[DATA FOR THIS TASK Boundary: Start]
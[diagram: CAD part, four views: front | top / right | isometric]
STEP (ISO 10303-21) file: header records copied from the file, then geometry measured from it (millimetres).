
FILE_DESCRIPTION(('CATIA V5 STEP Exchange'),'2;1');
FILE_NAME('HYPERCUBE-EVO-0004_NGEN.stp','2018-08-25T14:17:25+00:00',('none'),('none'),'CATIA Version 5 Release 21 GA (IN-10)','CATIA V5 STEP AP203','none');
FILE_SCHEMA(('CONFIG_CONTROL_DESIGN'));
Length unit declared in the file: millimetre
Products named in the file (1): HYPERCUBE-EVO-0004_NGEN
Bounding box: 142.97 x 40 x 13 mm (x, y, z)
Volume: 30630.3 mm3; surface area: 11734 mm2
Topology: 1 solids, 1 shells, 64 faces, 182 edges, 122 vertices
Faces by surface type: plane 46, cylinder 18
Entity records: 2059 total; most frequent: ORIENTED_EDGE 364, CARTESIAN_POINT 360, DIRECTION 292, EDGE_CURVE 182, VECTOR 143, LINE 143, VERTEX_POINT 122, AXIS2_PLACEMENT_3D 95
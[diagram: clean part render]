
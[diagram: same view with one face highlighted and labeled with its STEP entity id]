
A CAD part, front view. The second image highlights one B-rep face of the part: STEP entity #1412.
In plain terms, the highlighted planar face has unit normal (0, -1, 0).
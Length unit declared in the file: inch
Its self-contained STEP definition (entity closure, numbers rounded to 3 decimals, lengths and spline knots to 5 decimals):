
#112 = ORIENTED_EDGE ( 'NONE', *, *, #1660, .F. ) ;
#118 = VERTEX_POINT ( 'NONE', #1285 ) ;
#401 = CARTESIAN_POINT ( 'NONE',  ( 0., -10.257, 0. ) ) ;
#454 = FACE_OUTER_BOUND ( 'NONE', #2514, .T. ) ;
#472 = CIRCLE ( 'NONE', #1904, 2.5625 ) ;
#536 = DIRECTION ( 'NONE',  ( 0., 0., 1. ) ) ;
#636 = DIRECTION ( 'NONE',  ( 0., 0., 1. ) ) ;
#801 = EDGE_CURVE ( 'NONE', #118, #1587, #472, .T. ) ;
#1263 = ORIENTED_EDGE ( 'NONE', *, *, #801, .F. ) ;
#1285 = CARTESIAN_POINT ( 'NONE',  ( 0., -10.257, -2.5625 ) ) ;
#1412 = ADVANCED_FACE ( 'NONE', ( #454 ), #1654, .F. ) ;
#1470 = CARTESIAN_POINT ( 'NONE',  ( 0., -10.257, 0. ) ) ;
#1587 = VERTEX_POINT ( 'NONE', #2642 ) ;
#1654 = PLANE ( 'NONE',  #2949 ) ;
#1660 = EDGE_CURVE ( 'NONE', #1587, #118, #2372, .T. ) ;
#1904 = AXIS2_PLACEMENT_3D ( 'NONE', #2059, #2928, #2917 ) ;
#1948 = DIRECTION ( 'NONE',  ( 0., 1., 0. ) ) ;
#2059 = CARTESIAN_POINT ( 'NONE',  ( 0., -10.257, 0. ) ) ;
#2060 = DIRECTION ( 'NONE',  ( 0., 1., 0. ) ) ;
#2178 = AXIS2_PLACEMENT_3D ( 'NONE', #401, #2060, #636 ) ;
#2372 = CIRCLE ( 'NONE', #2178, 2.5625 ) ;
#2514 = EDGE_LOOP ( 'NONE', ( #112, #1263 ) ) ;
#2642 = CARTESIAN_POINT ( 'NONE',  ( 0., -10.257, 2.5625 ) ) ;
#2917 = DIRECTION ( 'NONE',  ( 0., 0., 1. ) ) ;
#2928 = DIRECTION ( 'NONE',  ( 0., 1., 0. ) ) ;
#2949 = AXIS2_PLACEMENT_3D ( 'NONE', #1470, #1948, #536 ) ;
[DATA FOR THIS TASK Boundary: End]
Once you reach the line that contains "Length unit declared in the file: inch", print it and every line after it exactly as written, stopping at the last line of the records and adding nothing.

Length unit declared in the file: inch
Its self-contained STEP definition (entity closure, numbers rounded to 3 decimals, lengths and spline knots to 5 decimals):
#112 = ORIENTED_EDGE ( 'NONE', *, *, #1660, .F. ) ;
#118 = VERTEX_POINT ( 'NONE', #1285 ) ;
#401 = CARTESIAN_POINT ( 'NONE',  ( 0., -10.257, 0. ) ) ;
#454 = FACE_OUTER_BOUND ( 'NONE', #2514, .T. ) ;
#472 = CIRCLE ( 'NONE', #1904, 2.5625 ) ;
#536 = DIRECTION ( 'NONE',  ( 0., 0., 1. ) ) ;
#636 = DIRECTION ( 'NONE',  ( 0., 0., 1. ) ) ;
#801 = EDGE_CURVE ( 'NONE', #118, #1587, #472, .T. ) ;
#1263 = ORIENTED_EDGE ( 'NONE', *, *, #801, .F. ) ;
#1285 = CARTESIAN_POINT ( 'NONE',  ( 0., -10.257, -2.5625 ) ) ;
#1412 = ADVANCED_FACE ( 'NONE', ( #454 ), #1654, .F. ) ;
#1470 = CARTESIAN_POINT ( 'NONE',  ( 0., -10.257, 0. ) ) ;
#1587 = VERTEX_POINT ( 'NONE', #2642 ) ;
#1654 = PLANE ( 'NONE',  #2949 ) ;
#1660 = EDGE_CURVE ( 'NONE', #1587, #118, #2372, .T. ) ;
#1904 = AXIS2_PLACEMENT_3D ( 'NONE', #2059, #2928, #2917 ) ;
#1948 = DIRECTION ( 'NONE',  ( 0., 1., 0. ) ) ;
#2059 = CARTESIAN_POINT ( 'NONE',  ( 0., -10.257, 0. ) ) ;
#2060 = DIRECTION ( 'NONE',  ( 0., 1., 0. ) ) ;
#2178 = AXIS2_PLACEMENT_3D ( 'NONE', #401, #2060, #636 ) ;
#2372 = CIRCLE ( 'NONE', #2178, 2.5625 ) ;
#2514 = EDGE_LOOP ( 'NONE', ( #112, #1263 ) ) ;
#2642 = CARTESIAN_POINT ( 'NONE',  ( 0., -10.257, 2.5625 ) ) ;
#2917 = DIRECTION ( 'NONE',  ( 0., 0., 1. ) ) ;
#2928 = DIRECTION ( 'NONE',  ( 0., 1., 0. ) ) ;
#2949 = AXIS2_PLACEMENT_3D ( 'NONE', #1470, #1948, #536 ) ;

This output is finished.